Data entries:
---

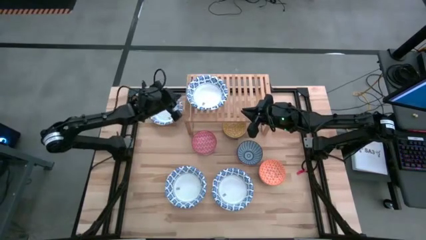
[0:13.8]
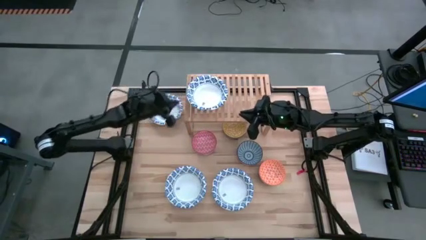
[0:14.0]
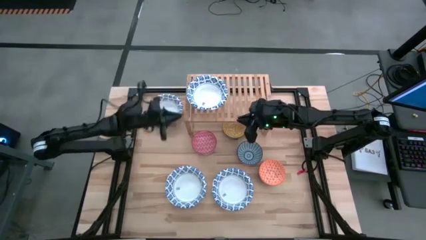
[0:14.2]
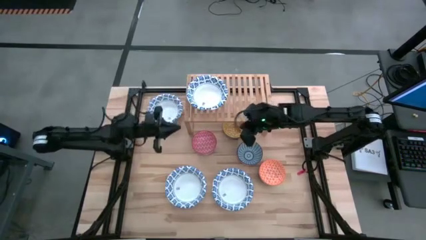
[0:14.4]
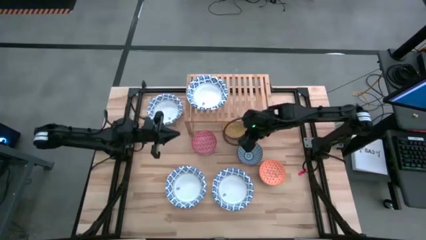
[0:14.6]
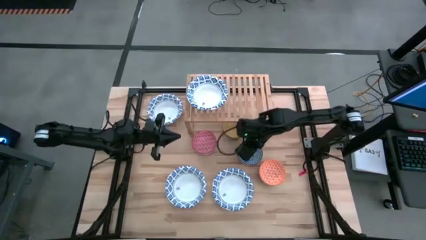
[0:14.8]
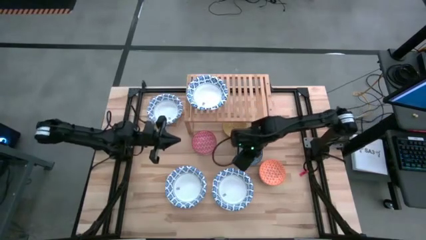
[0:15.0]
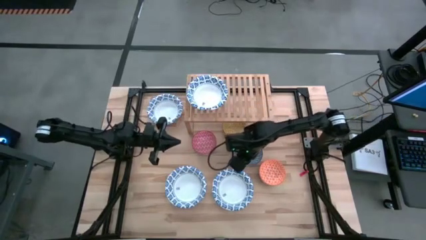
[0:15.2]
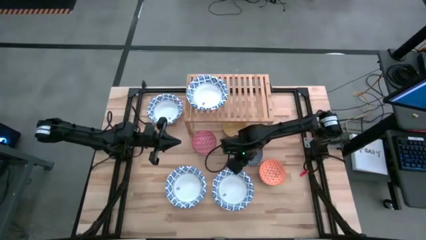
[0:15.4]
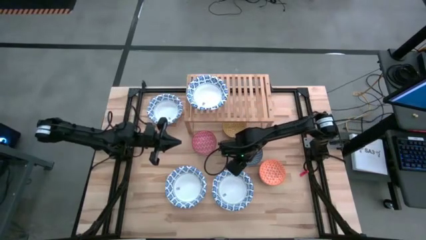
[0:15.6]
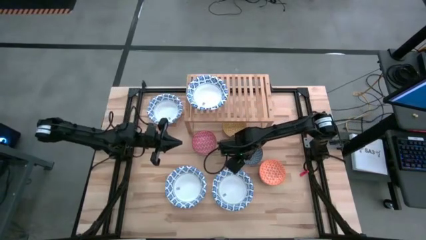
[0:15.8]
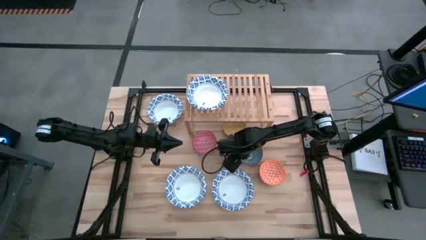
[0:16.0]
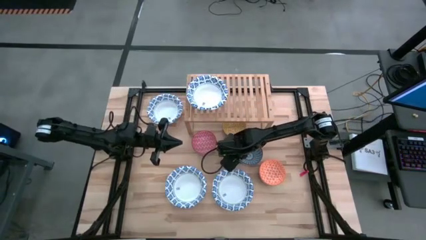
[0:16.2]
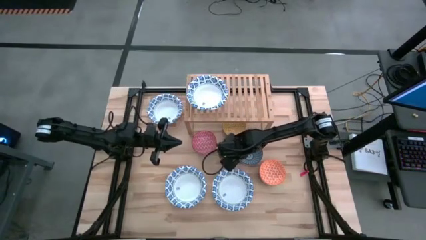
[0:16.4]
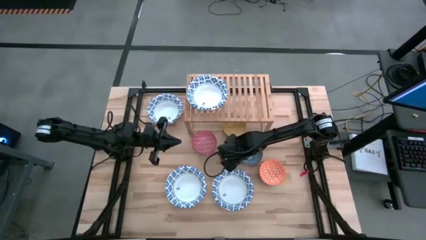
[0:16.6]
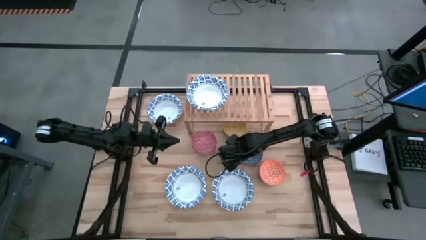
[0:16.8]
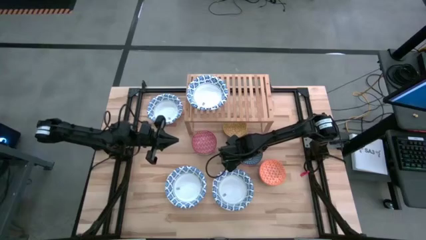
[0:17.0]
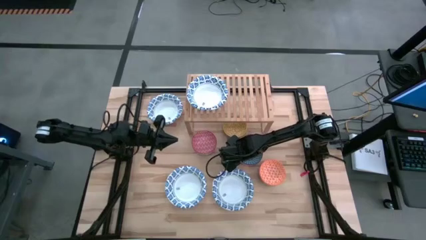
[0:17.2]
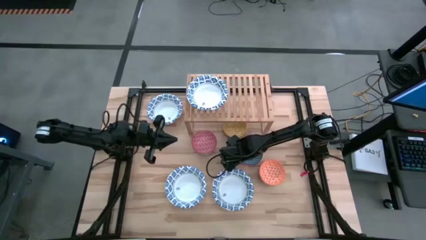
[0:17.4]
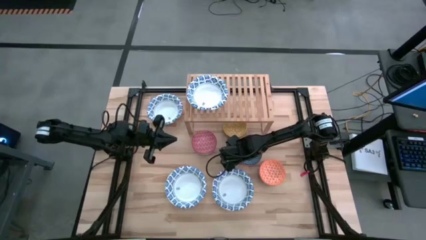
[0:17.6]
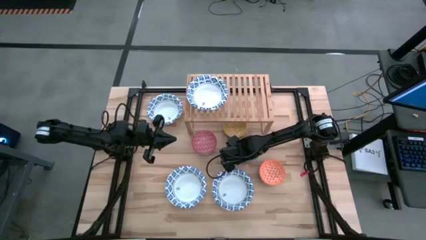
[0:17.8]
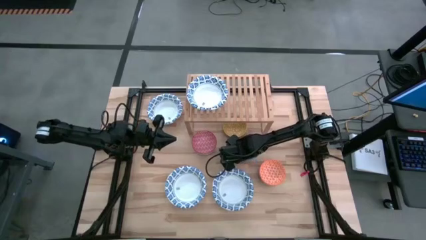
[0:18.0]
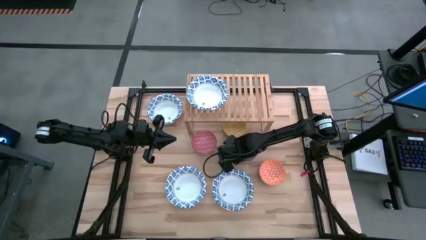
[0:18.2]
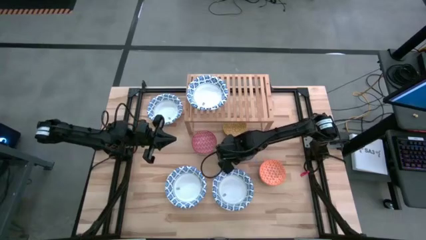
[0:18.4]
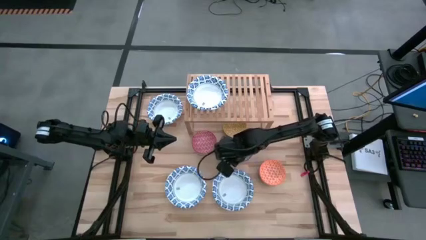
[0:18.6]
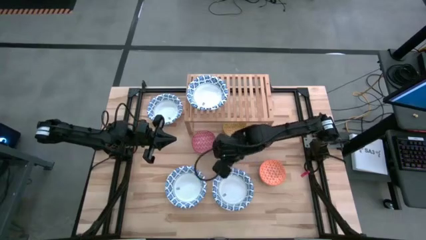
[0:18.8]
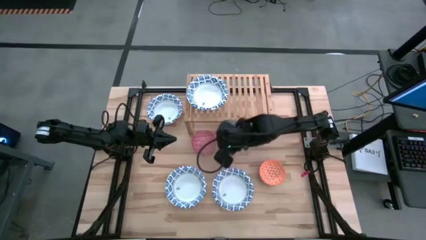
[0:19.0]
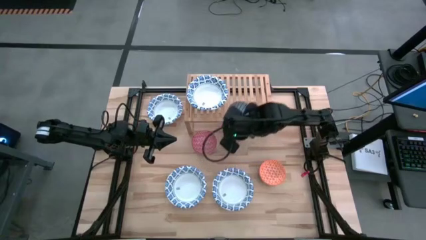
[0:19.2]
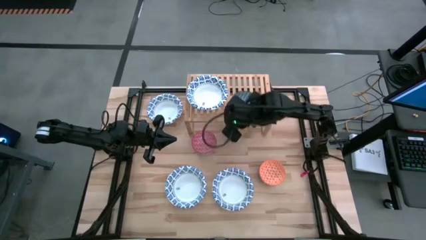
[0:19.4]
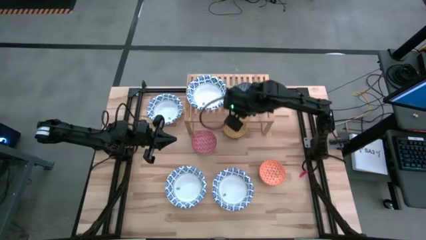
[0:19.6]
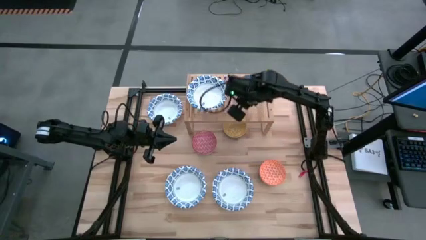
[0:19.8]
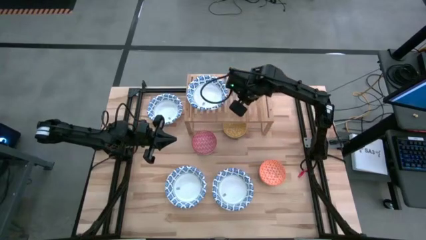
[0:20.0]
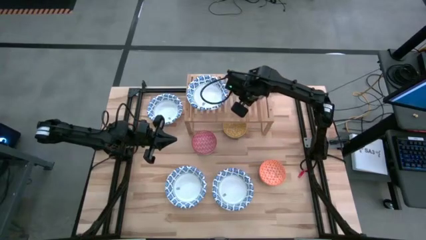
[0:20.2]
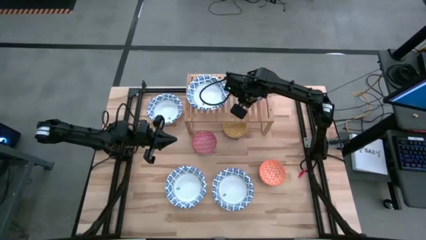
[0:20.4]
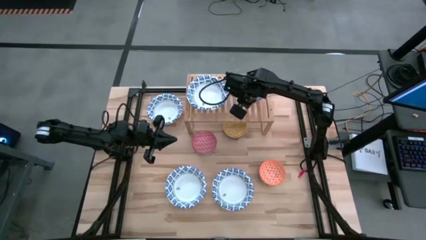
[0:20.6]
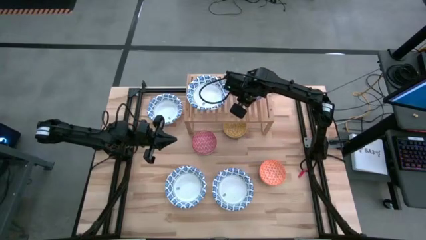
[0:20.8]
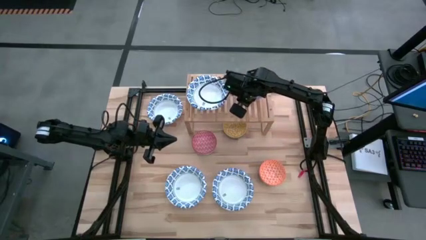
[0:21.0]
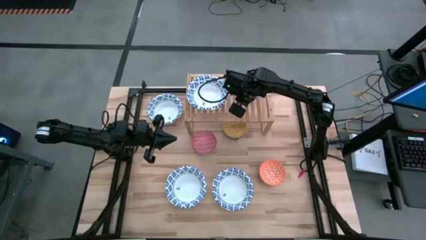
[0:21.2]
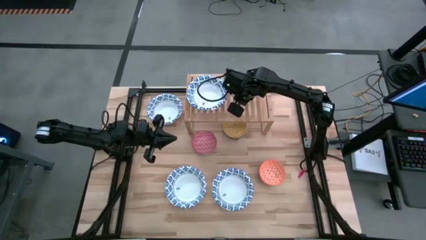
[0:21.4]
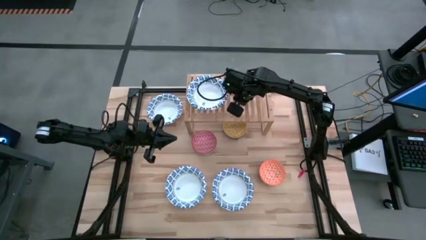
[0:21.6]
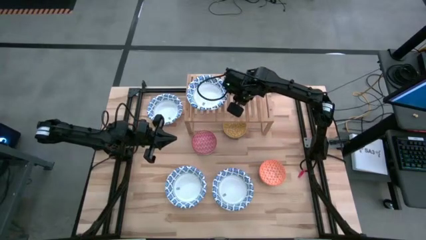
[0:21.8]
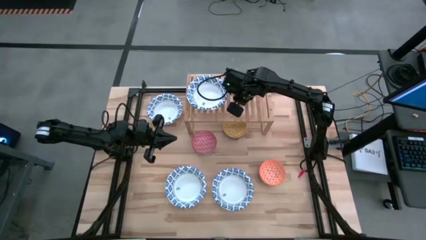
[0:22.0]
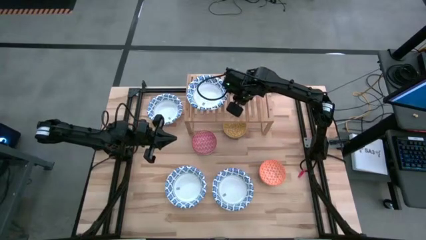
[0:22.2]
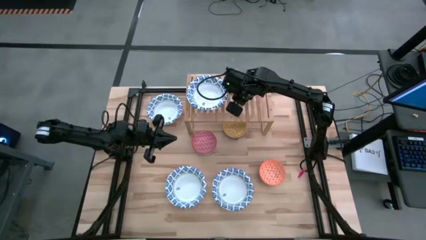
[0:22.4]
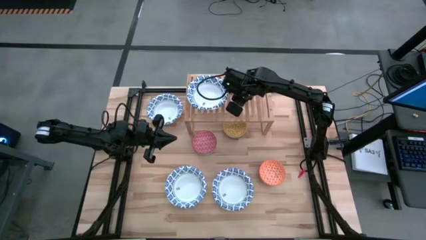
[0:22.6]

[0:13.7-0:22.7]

---

#### Goal of the exercise:
Every line above is to be duplicated exactly; no picture should be carried over.

#### Task result:
[0:13.8]
[0:14.0]
[0:14.2]
[0:14.4]
[0:14.6]
[0:14.8]
[0:15.0]
[0:15.2]
[0:15.4]
[0:15.6]
[0:15.8]
[0:16.0]
[0:16.2]
[0:16.4]
[0:16.6]
[0:16.8]
[0:17.0]
[0:17.2]
[0:17.4]
[0:17.6]
[0:17.8]
[0:18.0]
[0:18.2]
[0:18.4]
[0:18.6]
[0:18.8]
[0:19.0]
[0:19.2]
[0:19.4]
[0:19.6]
[0:19.8]
[0:20.0]
[0:20.2]
[0:20.4]
[0:20.6]
[0:20.8]
[0:21.0]
[0:21.2]
[0:21.4]
[0:21.6]
[0:21.8]
[0:22.0]
[0:22.2]
[0:22.4]
[0:22.6]

[0:13.7-0:22.7]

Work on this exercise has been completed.